The most common chemical treatment processes for site remediation include:
• pH adjustment. Acidic chemicals are used to neutralize basic hazardous wastes or soils, while alkaline chemicals are used to neutralize acidic hazardous wastes or soils.
• KPEG chemical treatment. Chemical reagents prepared from polyethylene glycols and potassium hydroxide (KPEG) have been demonstrated under mild conditions (25-140°C) to dehalogenate PCBs, PCDDs, and PCDFs with destruction efficiencies exceeding 99.9999%. The reaction mechanism is nucleophilic substitution at an aromatic carbon.
• Chemical precipitation and stabilization. Chemical precipitation agents (such as hydroxides and sulfides) are used to precipitate, fix, and separate heavy metals, in turn, to purify the soil and groundwater .

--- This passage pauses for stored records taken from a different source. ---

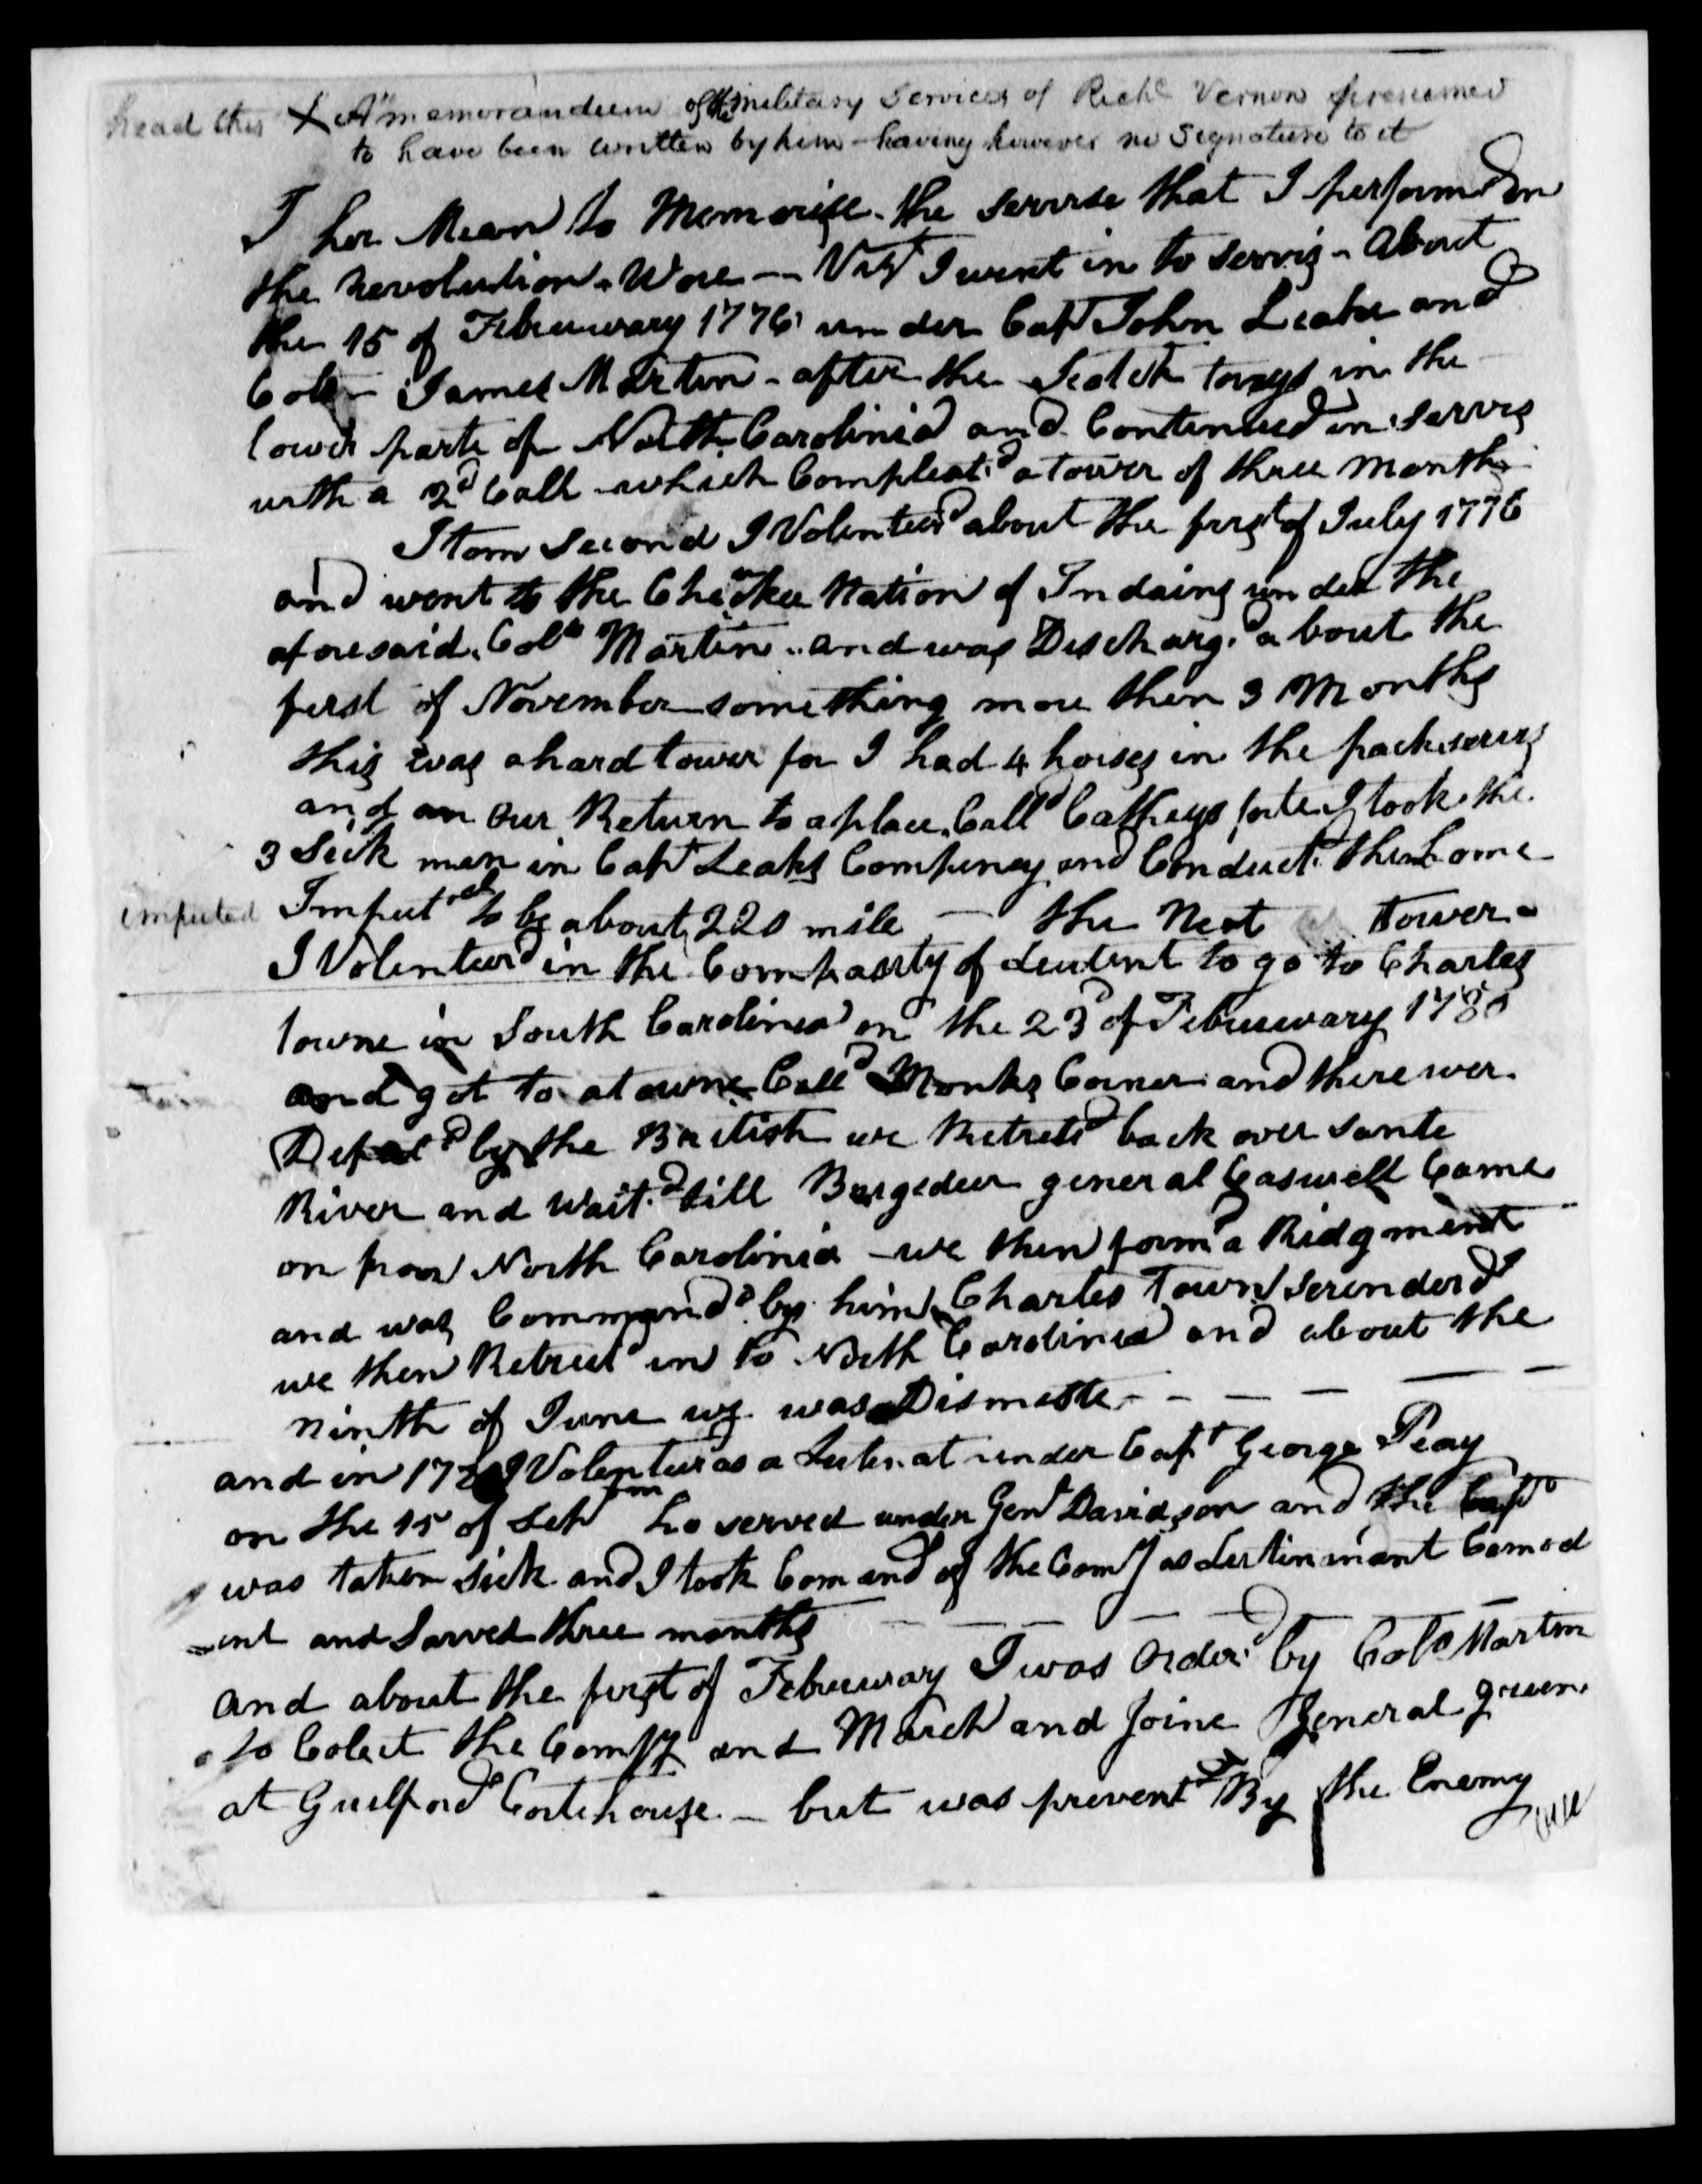A memorandum of Military Services of Rich'd Vernon presumed to have been written by him – having, however no signature to it.

I her mean to memorize the service that I performed in the Revolution & Ware – [illegible] I went in to service about the 15 of February 1776 under Capt. John Leake and Col. James Martin _ after the Scotch Torrys in the lower part of North Carolinia and Continued in service with a 2nd call which completed a tour of three month.
[illegible] second I volunteered about the first of July 1776 and went to the Cherokee Nation of Indains under the aforesaid, Col. Martin and was Dischargd about the first of November something more then 3 months. This was a hard tower for I had 4 horses in the pack service and on our Return to a place Calld Caffeys forte I took the 3 sick men in Capt Leaks Company and Conducted them home. Imputed to be about 220 mile – the next tower I volunteered in the Companty of Leutent to go to Charles Towne in South Carolinia on the 23rd of February 1780 and got to a towne Called Monks Corner and there wer  defeatd by the British we Retretd back over Sante River and waited till Burgedeer general Caswell Came on from North Carolinia _ we then form a Ridgment and was Commandd by him. Charles Town serenderd we then Retreetd in to North Carolinia  and about the ninth of June we was Dismantle
And in 1779 Volenteer  as a Lutenat  under Capt George Peay on the 15 of Sept he served under Genl Davidson and the Capt was taken sick and I took Comand  of the Camy as Lutinanent [illegible] and Sarved three months
and about the first of February I was orderd by Capt Martin to Colect the Compy and March and Joine General Green at Guilford Cortehouse _ but was prevetd By the Enemy

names: Martin, Caswell, Martin, Green, John Leake, James Martin, George Peay, Davidson, Richd Vernon
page: 73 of 105
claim: survivor's
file: S. 1883, Richard Vernon, N.C.

The pH adjustment is one of the most common site remediation technologies, while KPEG chemical treatment of one of the five best demonstrated available technologies (BDAT).
In the KPEG reagent preparation, KOH reacts with HO-PEG (poly ethylene glycol; with a molecular weight approximately=400) to form KO-PEG (alkoxide) and water. The KO-PEG (alkoxide) in turn reacts initially with one or more of the chlorine atoms on the aryl ring (aryl-Cl) to produce aryl-O-PEG (ether) and KCl (potassium chloride) salt.

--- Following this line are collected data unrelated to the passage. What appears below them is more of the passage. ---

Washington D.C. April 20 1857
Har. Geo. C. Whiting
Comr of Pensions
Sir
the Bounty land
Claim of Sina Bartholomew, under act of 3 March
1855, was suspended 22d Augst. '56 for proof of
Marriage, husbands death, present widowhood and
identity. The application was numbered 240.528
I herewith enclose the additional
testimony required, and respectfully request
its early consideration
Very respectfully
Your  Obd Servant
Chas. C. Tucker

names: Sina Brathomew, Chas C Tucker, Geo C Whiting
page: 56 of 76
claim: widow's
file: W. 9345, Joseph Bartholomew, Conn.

In 1986, a 2700 gallon KPEG reactor was used in Montana, on a wood-preserving site, and in Washington, on a waste disposal site, to successfully detoxify PCDDs and PCDFs (120 ppb to 200 ppm) in 17,000 gallons of liquid waste to nondetectable levels. A reactor designed to treat both liquids and solids was tested by US Department of Defense sites. These field studies validated conditions for destruction of PCBs, PCDDs, and PCDFs, to acceptable levels required by the regulations .
Wang etal. [23-25,41,45,68,69] have developed a physicochemical sequencing batch reactor (PC-SBR) process, which is identical to a conventional biological sequencing batch reactor (SBR), except that the PC-SBR is a 100% physicochemical process. The PC-SBR has been adopted in full scale for recovering toxic chromium from tannery wastewater for reuse at Germanakos SA Tannery near Athens in Greece . Naturally, PC-SBR can be adopted for chemical treatment of contaminated soil slurry or contaminated groundwater. Since the process equipment of conventional biological SBR can be adopted for the PC-SBR process operation, the PC-SBR process equipment is considered to be commercially available .

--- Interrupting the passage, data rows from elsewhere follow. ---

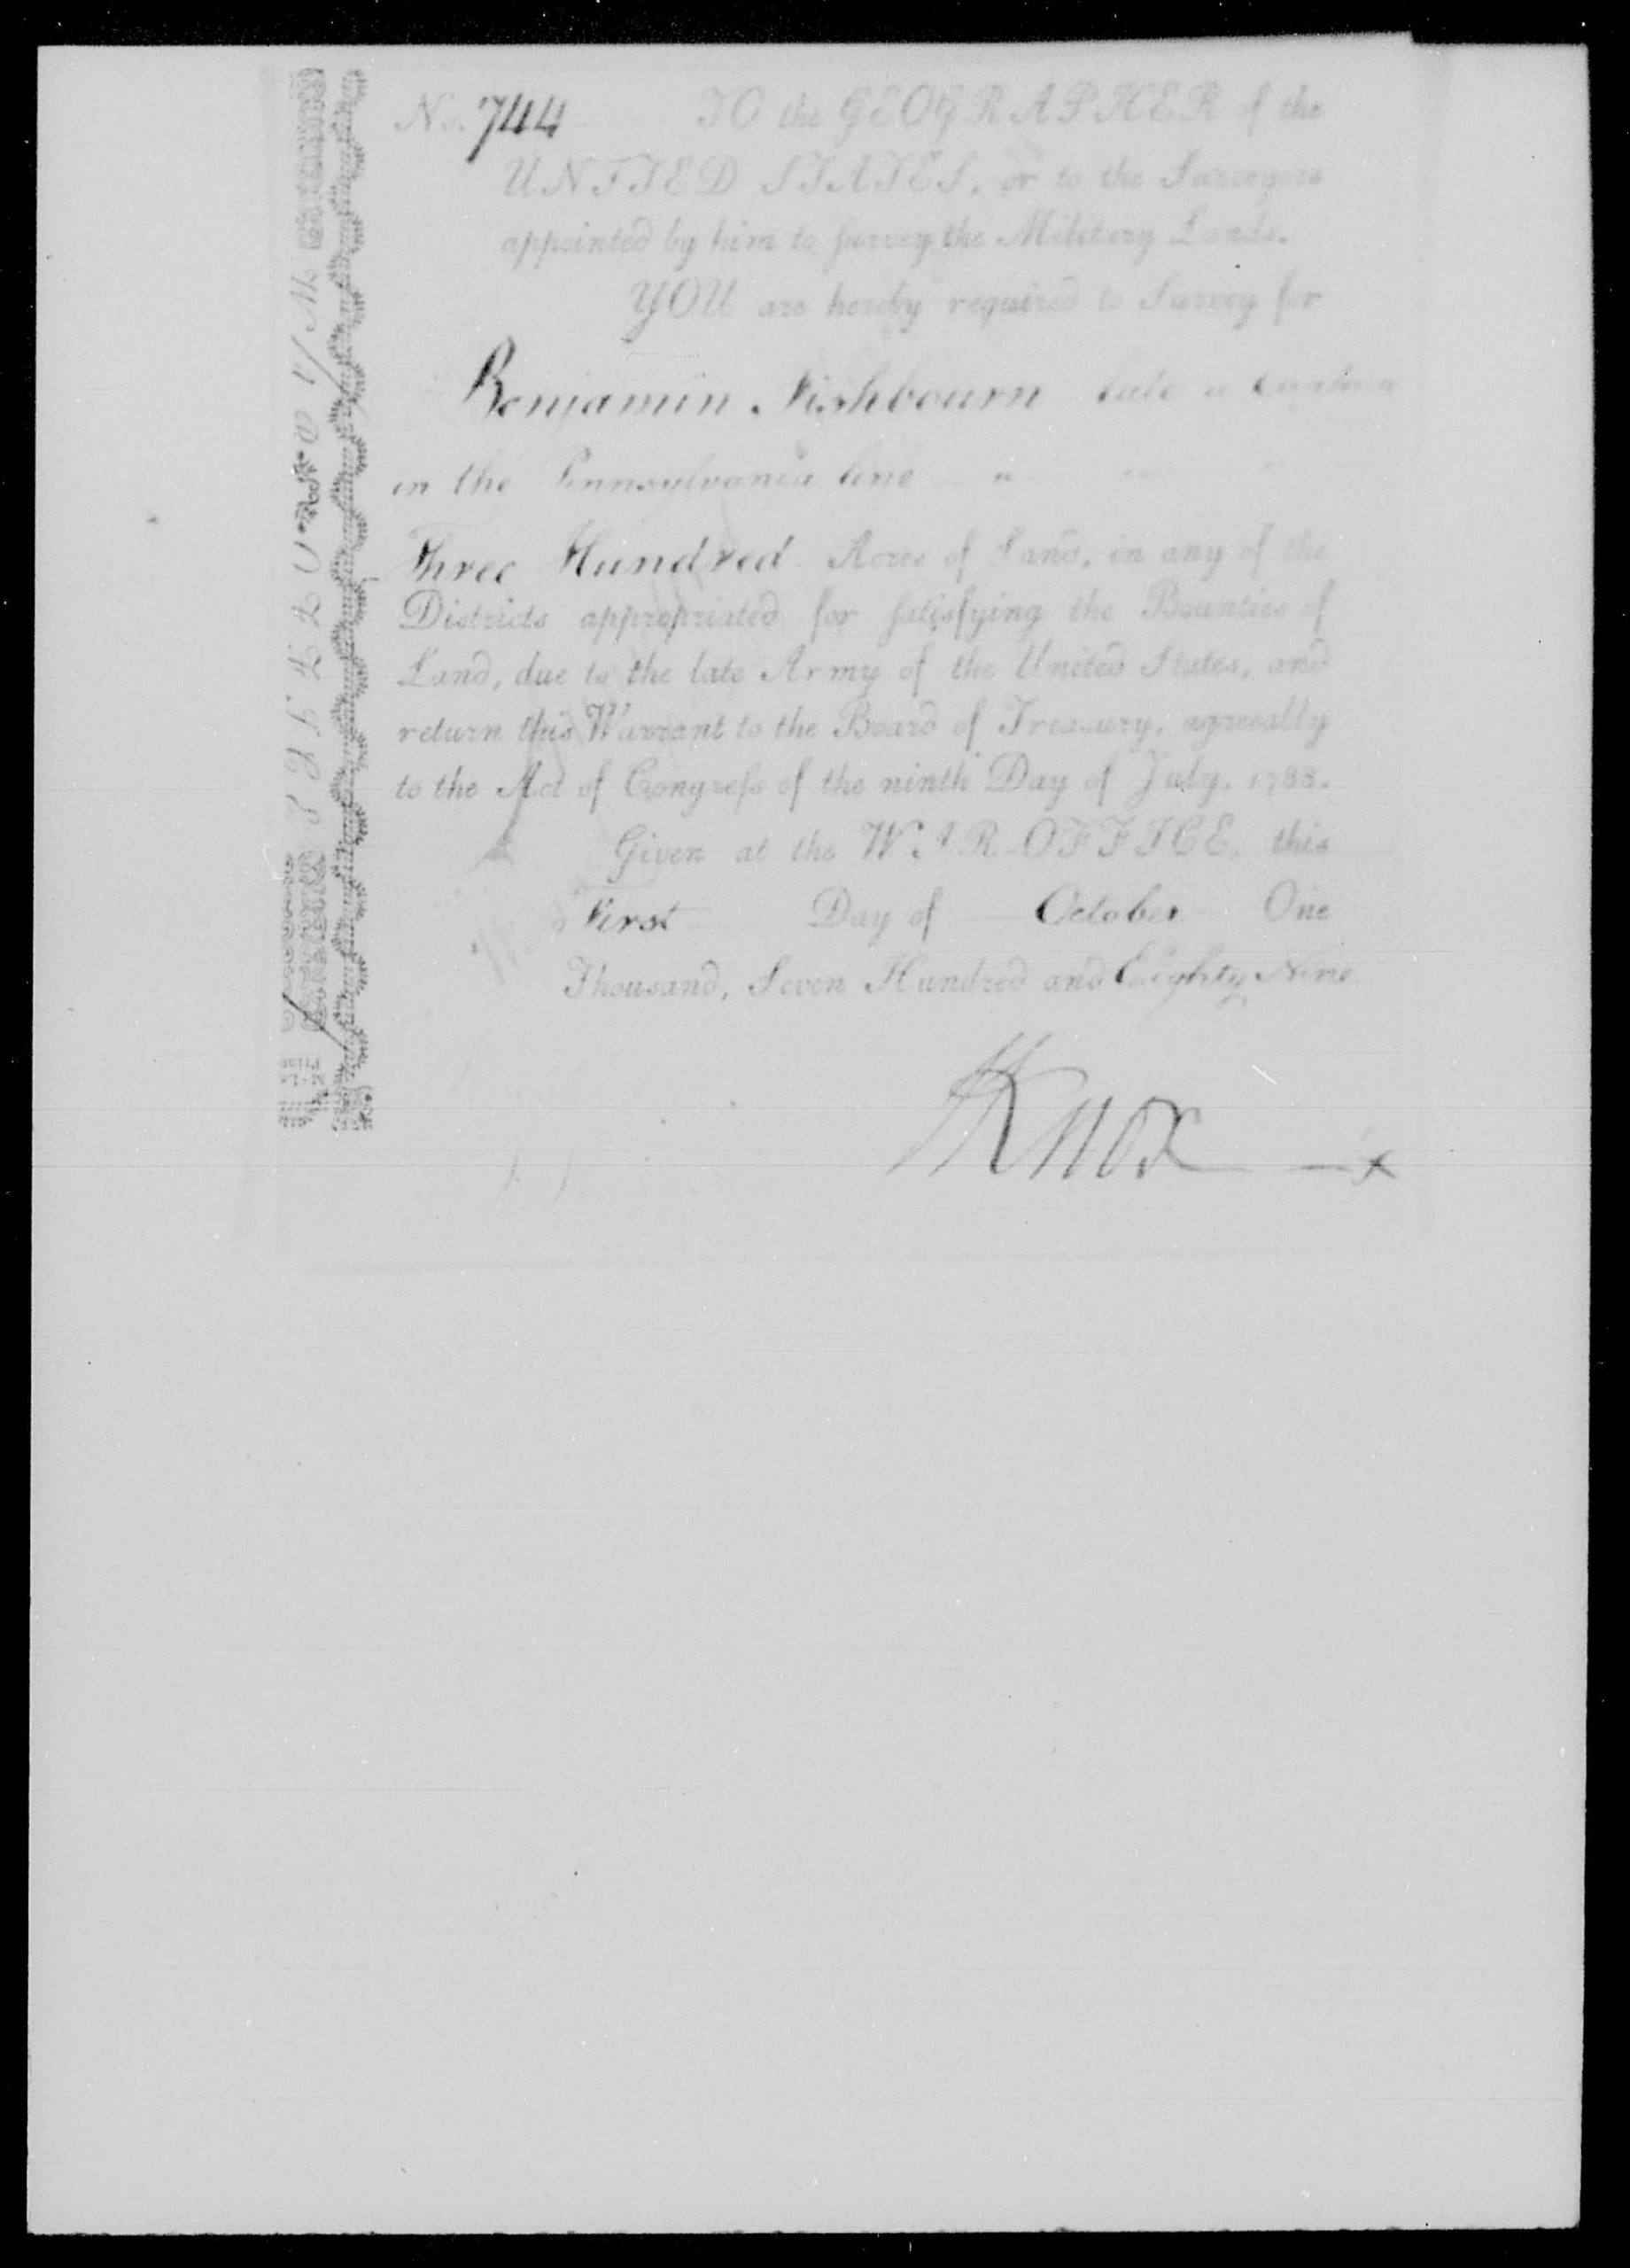No.744 TO the GEOGRAPHER of the UNITED STATES,  or to the Surveyors appointed by him to survey the military Lands.
YOU are hereby required to Survey for Benjamin Fishbourn late a Captain in the Pennsylvania

Three Hundred Acres of Land, in any of the Districts appropriated for satisfying the Bounties of Land, due to the late Army of the United States, and return this Warrant to the Board of agreeably to the Act of Congress of the ninth Day of July, 1738
Given at the WAR OFFICE, this First Day of October One Thousand, Seven Hundred and Eighty Nine
Knox-X

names: Benjamin Fishbourn
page: 11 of 11
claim: bounty land warrant
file: B.L.Wt. 2,206-300, Benjamin Fishbourn, Penn.

Figure 10 shows a typical chemical treatment system for removal of toxic chromium from a contaminated groundwater. The process is developed by Geochem of Terra Vac Co., Lakewood, CO. In operation, the contaminated groundwater is brought to the surface and treated using conventional treatment systems, such as ferrous ion (Fig. 10). Next, a reductant is added to the treated water, which is reinjected around the plume margin. Here it reacts with and reduces residual levels of chromium, forming a precipitate. Such reinjection creates a "barrier" of elevated water levels around the plume, enhancing the gradient and associated hydraulic control.
The reinjection also allows for in situ reduction and subsequent fixation of residual chromium. The process is capable of treating dissolved hexavalent chromium in groundwater at concentrations ranging from the detection limit to several hundred ppm.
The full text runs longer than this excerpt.